- Records contained in a dataset:
BEGIN
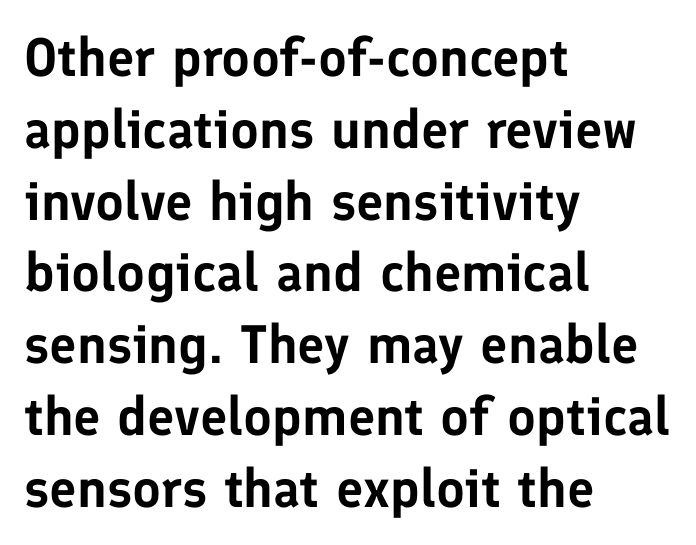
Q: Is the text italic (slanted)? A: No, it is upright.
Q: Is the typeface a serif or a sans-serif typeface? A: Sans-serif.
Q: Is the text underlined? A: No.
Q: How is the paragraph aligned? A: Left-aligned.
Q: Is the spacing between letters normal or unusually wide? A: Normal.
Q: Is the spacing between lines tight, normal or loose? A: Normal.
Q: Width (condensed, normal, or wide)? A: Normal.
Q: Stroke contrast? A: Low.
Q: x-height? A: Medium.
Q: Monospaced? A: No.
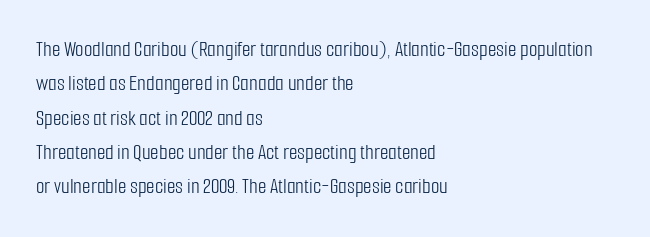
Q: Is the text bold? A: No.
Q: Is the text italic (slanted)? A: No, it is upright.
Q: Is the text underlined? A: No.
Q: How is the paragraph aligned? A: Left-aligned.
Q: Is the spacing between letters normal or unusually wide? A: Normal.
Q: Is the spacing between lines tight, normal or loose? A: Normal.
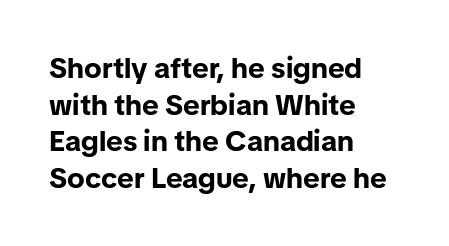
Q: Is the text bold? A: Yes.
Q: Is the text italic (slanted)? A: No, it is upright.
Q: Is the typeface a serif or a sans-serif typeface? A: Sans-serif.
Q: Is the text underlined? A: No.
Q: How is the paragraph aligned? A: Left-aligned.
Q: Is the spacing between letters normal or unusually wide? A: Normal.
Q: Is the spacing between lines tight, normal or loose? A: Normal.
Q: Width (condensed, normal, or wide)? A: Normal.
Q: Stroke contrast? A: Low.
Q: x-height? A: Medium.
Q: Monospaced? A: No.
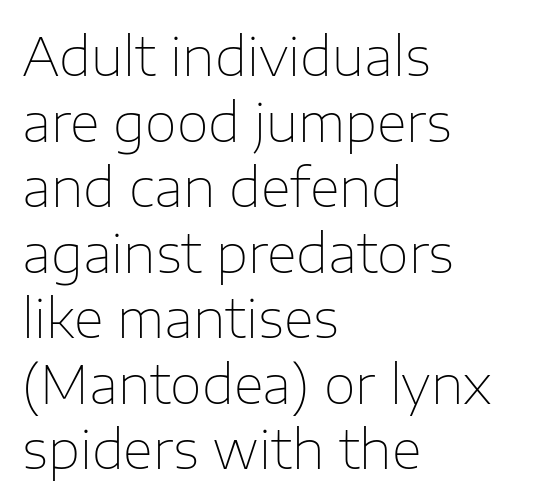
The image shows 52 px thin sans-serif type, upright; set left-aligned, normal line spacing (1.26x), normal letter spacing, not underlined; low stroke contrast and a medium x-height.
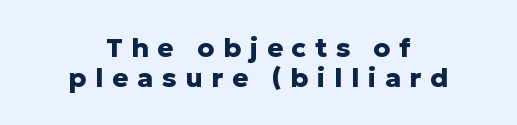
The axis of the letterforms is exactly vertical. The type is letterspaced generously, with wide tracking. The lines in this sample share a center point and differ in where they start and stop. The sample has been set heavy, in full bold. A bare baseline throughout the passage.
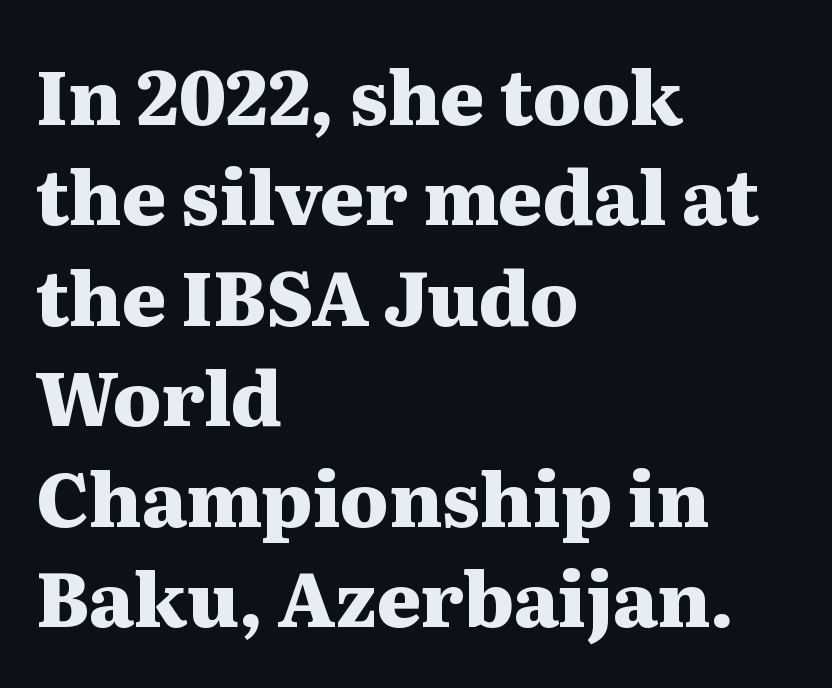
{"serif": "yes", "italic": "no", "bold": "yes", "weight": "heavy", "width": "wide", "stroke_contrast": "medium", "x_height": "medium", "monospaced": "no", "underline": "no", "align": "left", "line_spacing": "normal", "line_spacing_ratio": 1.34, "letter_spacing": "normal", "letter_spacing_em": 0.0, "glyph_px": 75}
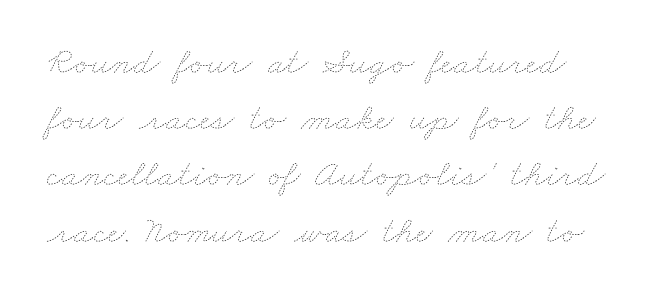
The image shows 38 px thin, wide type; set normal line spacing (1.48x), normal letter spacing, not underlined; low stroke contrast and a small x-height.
END
- WHAT THE TASK ASKS: From the data above, copy each line that holds "bold".

- RESPONSE TO THE EXERCISE:
Q: Is the text bold? A: No.
Q: Is the text bold? A: Yes.
The axis of the letterforms is exactly vertical. The type is letterspaced generously, with wide tracking. The lines in this sample share a center point and differ in where they start and stop. The sample has been set heavy, in full bold. A bare baseline throughout the passage.
{"serif": "yes", "italic": "no", "bold": "yes", "weight": "heavy", "width": "wide", "stroke_contrast": "medium", "x_height": "medium", "monospaced": "no", "underline": "no", "align": "left", "line_spacing": "normal", "line_spacing_ratio": 1.34, "letter_spacing": "normal", "letter_spacing_em": 0.0, "glyph_px": 75}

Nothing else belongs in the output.